A former Royal Marine, intelligence officer and politician from a proud military family, Lord Paddy Ashdown seeks to trace the history of his father John.

Lord Paddy Ashdown

A former Royal Marine, intelligence officer and politician, Lord Paddy Ashdown comes from a proud military family.

Between 1959 and 1972, Paddy served as a Royal Marines Officer and saw active service as a Commando Officer in Borneo and the Persian Gulf. After undertaking Special Forces Training in England in 1965, he commanded a Special Boat Section in the Far East. In 1967 he travelled to Hong Kong, where he undertook a full-time course in Chinese; on his return to England in 1970, he was given command of a Commando Company in Belfast.

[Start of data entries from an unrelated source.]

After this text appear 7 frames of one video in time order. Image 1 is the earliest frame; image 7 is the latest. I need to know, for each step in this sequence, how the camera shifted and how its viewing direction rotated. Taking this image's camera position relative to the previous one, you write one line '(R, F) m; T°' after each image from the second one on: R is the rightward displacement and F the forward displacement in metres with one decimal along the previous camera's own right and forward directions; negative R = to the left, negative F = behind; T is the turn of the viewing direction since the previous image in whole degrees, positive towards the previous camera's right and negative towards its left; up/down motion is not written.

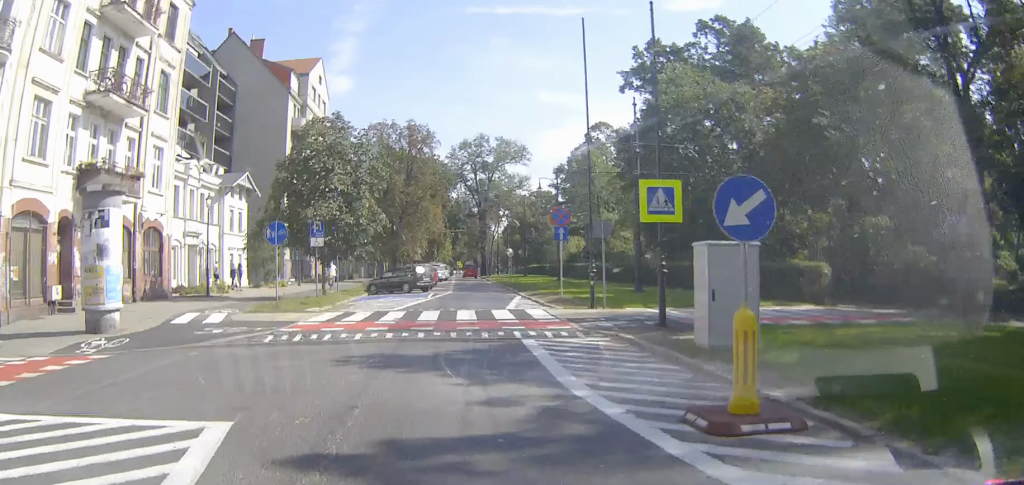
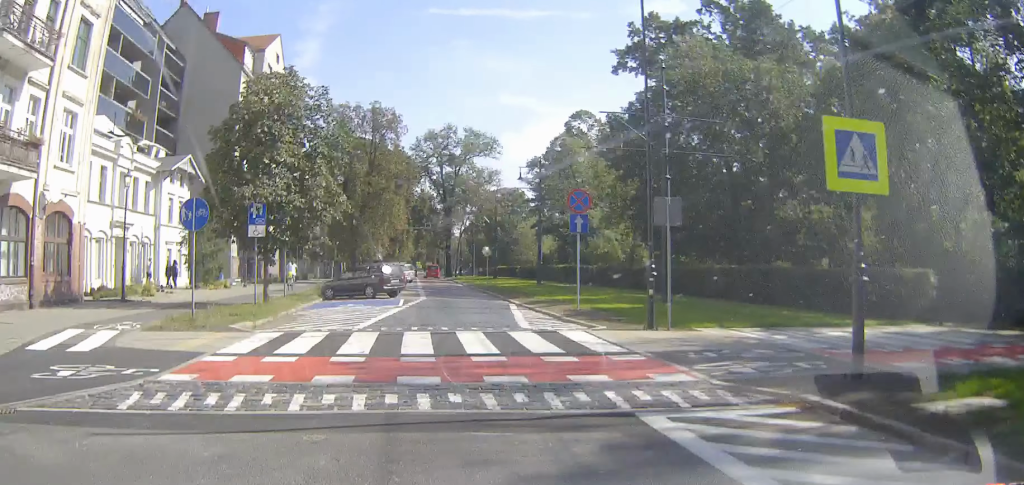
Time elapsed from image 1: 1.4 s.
(+0.1, +7.8) m; +1°
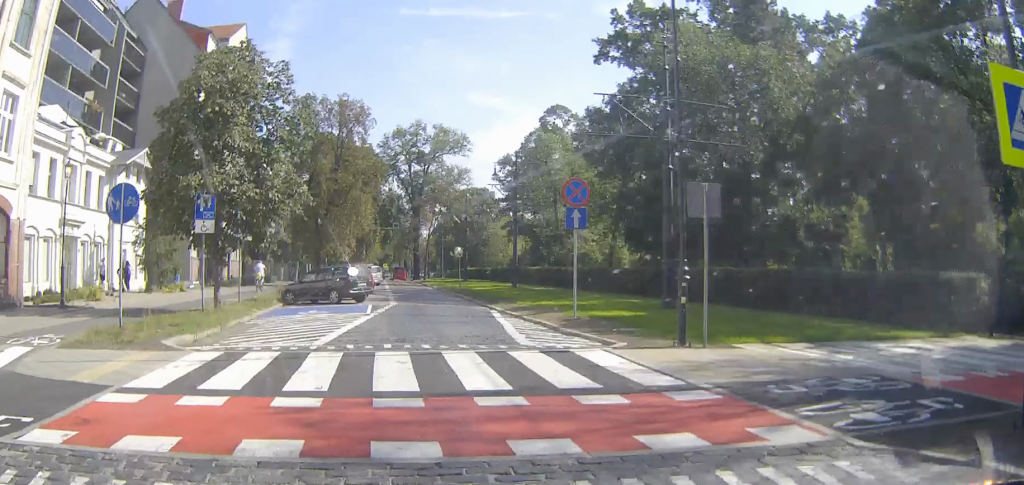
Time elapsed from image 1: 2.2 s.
(0.0, +4.2) m; 0°
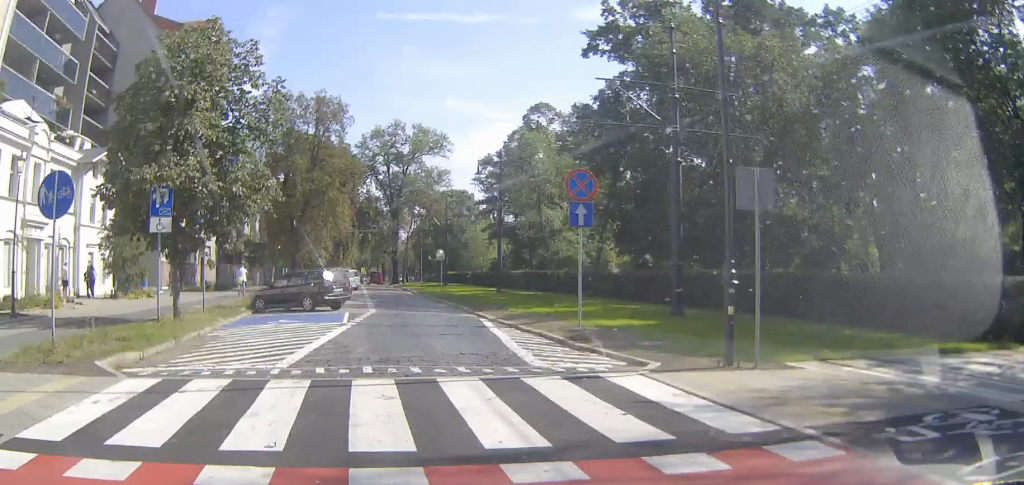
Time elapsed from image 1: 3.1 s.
(0.0, +3.2) m; 0°
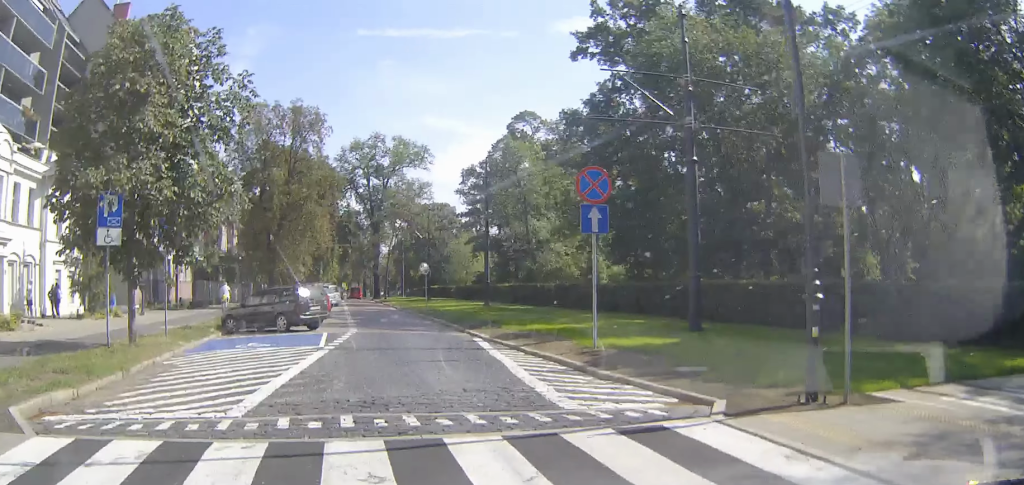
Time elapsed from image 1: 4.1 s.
(0.0, +3.2) m; +1°
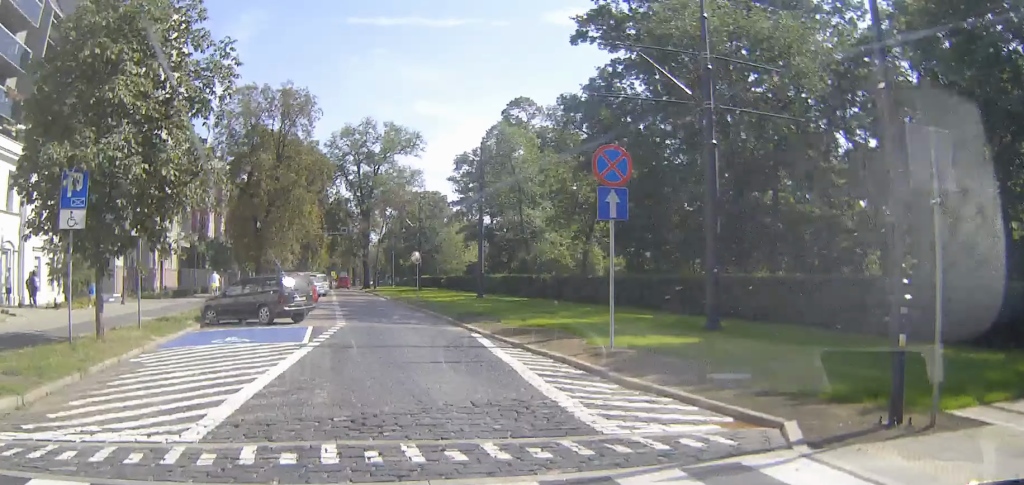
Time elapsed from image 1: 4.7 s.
(0.0, +1.9) m; +2°
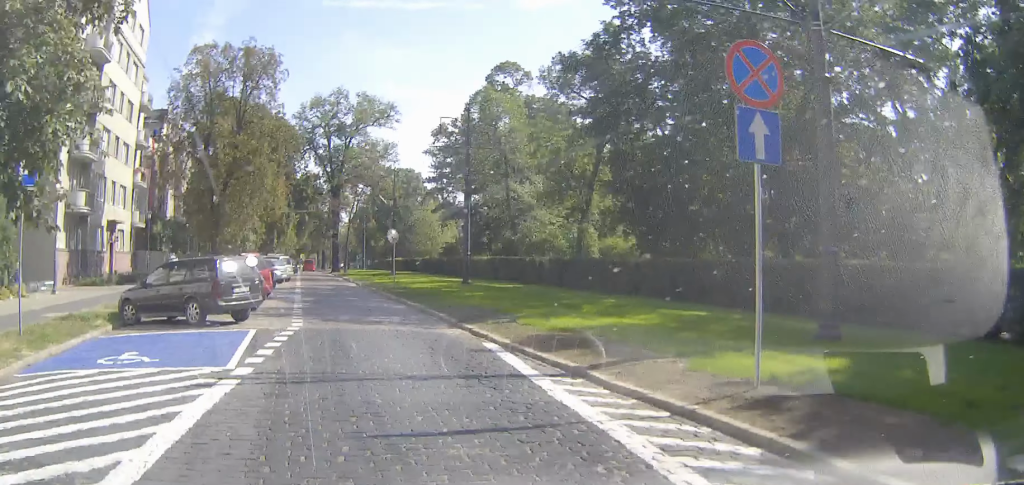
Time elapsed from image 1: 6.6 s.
(+0.3, +6.2) m; +4°
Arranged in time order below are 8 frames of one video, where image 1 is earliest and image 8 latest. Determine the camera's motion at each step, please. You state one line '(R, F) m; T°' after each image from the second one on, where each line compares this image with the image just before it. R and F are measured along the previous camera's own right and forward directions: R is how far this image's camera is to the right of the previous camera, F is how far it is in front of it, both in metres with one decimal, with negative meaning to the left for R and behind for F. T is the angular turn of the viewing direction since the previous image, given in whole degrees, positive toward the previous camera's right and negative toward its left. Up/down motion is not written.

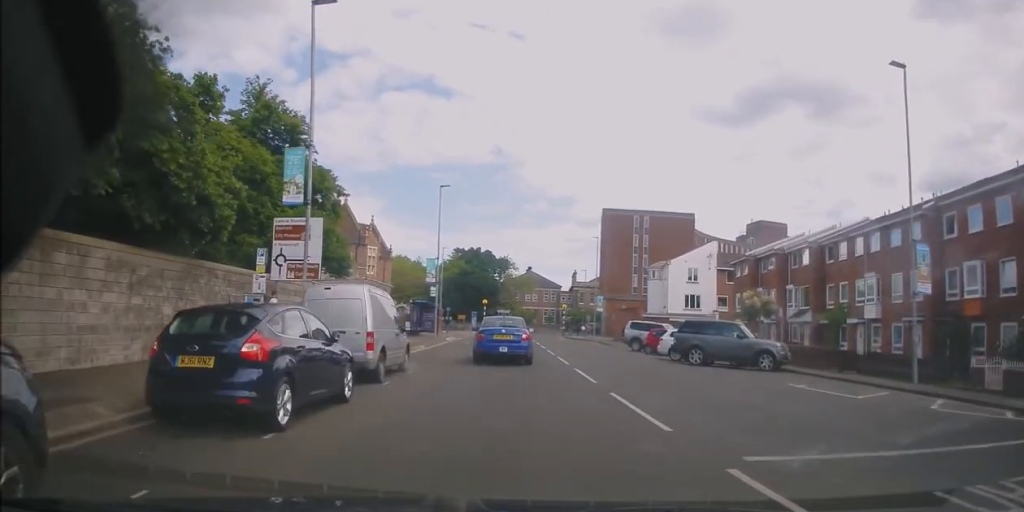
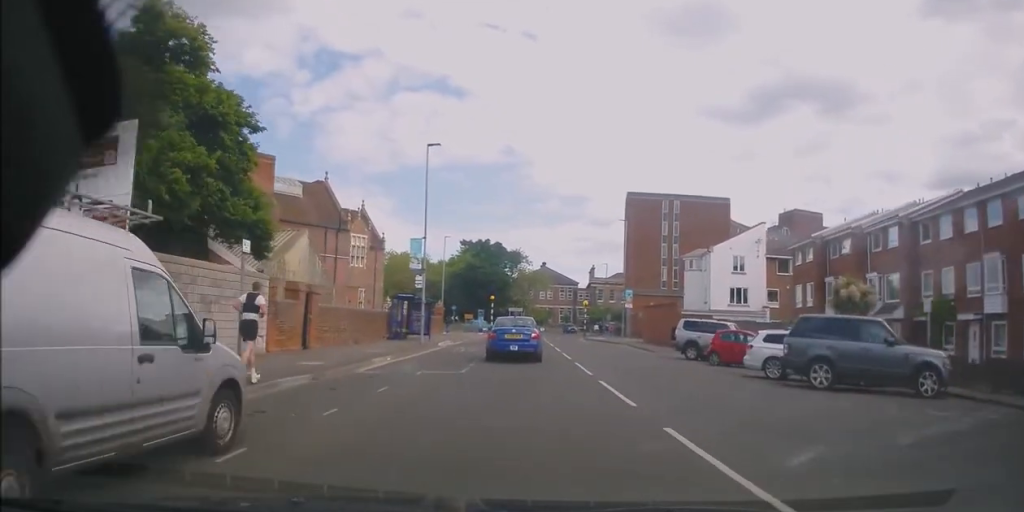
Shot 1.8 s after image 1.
(0.0, +10.0) m; +1°
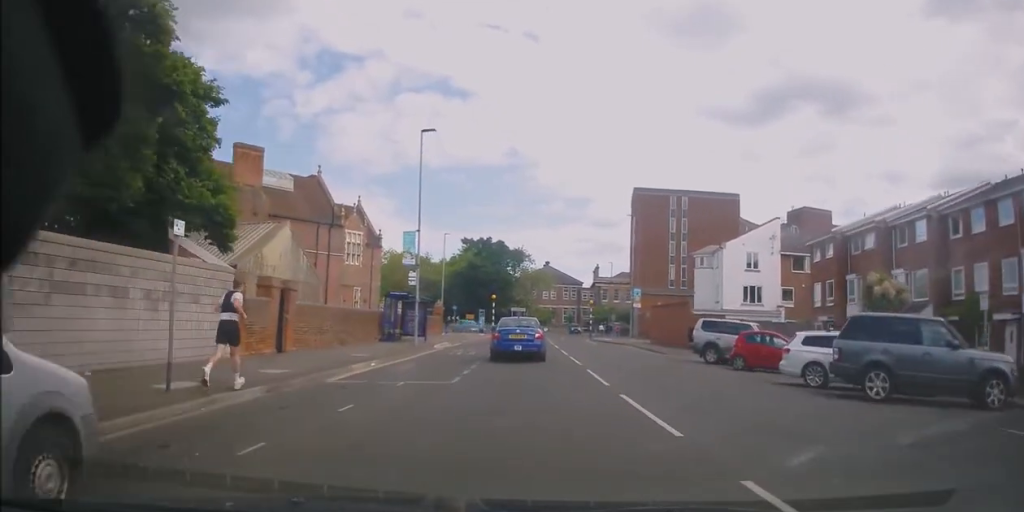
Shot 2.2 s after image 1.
(0.0, +2.6) m; 0°
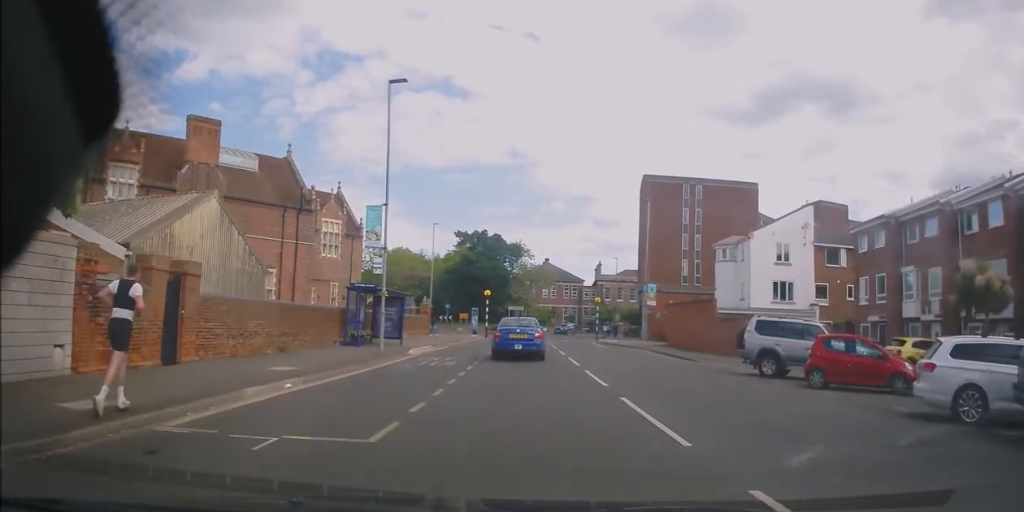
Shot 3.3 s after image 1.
(0.0, +6.5) m; -2°
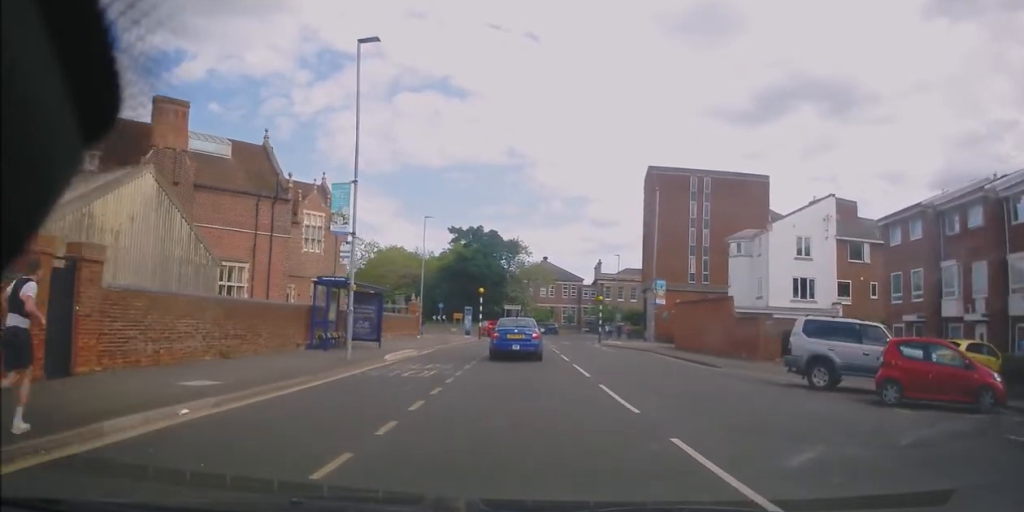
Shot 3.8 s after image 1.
(0.0, +3.8) m; 0°
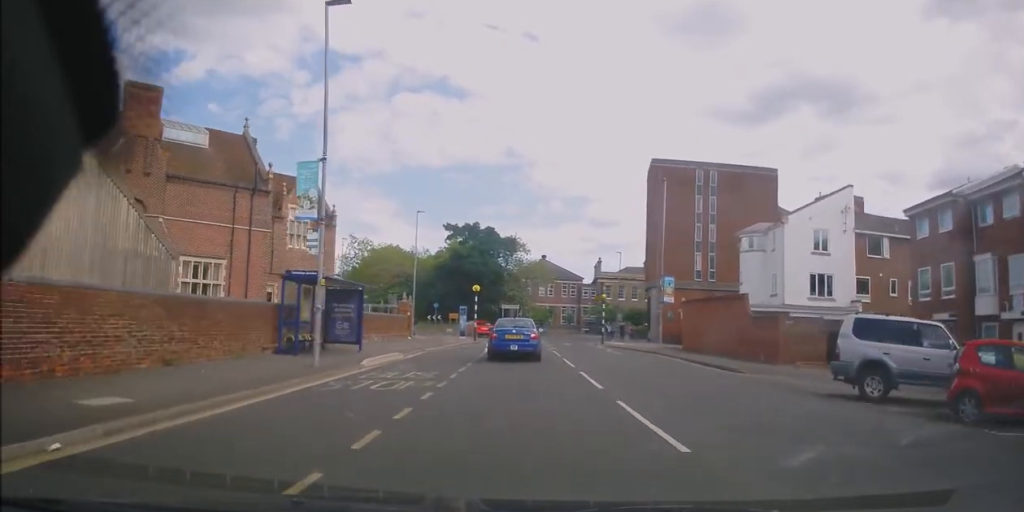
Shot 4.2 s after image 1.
(-0.1, +2.7) m; 0°
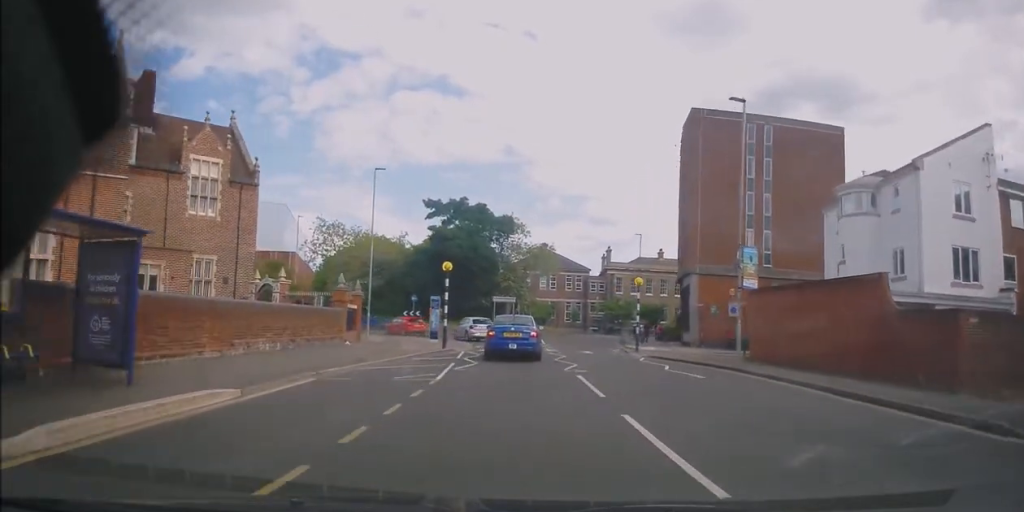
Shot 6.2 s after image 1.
(+0.1, +13.6) m; 0°
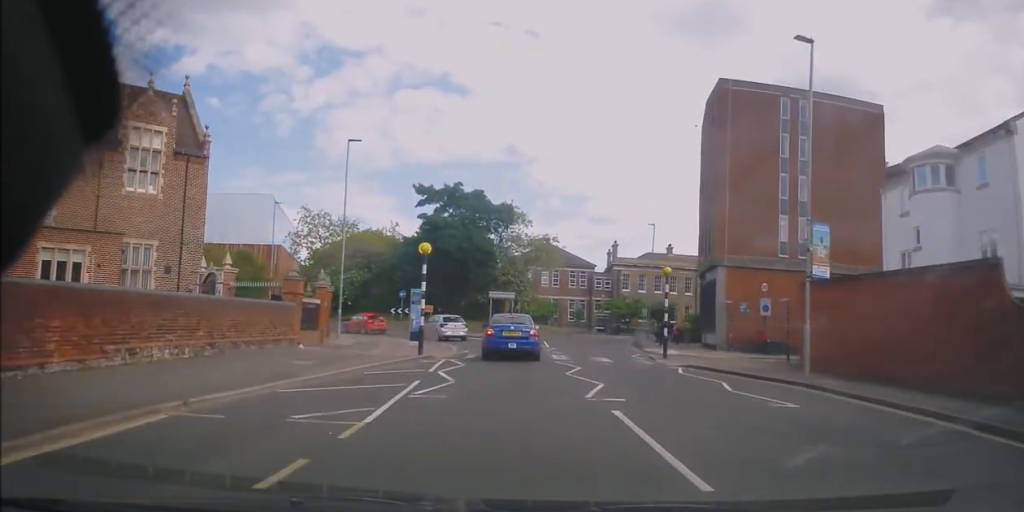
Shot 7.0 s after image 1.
(+0.1, +6.2) m; 0°

After leaving the Royal Marines for a role with the Foreign Office between 1972 and 1976, during which he took responsibility for Britain's relations with a number of United Nations organisations, Paddy spent five years working in local industry in the Yeovil area. In 1981 he accepted a job with the Dorset County Council Youth Services, where he was responsible for initiatives to help the young unemployed.

Paddy stood as the Liberal Parliamentary candidate for the Yeovil constituency in 1979, raising the Liberal vote there to its highest ever level. After entering Parliament in the 1983 General Elections, he was appointed as the Liberal spokesman on Trade and Industry Affairs within the Liberal/SDP Alliance team at the House of Commons. Having become Education spokesman in January 1987, Paddy was elected Leader of the Liberal Democrats in July 1988 and was appointed Privy Councillor on 1 January 1989.

Paddy stood down as leader of the Liberal Democrats in 1999, retiring from the Commons in 2001. He was made a Knight Commander of the Most Excellent Order of the British Empire in 2000 and a peer in 2001. Lord Ashdown was also awarded the GCMG in the 2006 New Year's Honours List, for his work in Bosnia and Herzegovina, where he was one of the leading advocates for decisive action by the international community.

Paddy's story

In War Hero In My Family, Paddy traces the wartime experiences of his father, John Ashdown, who commanded a unique army unit: the 32nd animal transport company, part of the Indian army.

In France, Paddy follows in the footsteps of his father’s unit, which joined the British Expeditionary Force at the outbreak of World War II. His research reveals that his father played a vital role in the dramatic evacuation of Dunkirk. Surrounded by German troops and trapped on the beaches and harbour, many soldiers lost their lives, but the retreat ultimately paved the way for the Allies’ future victory.

Comments (4)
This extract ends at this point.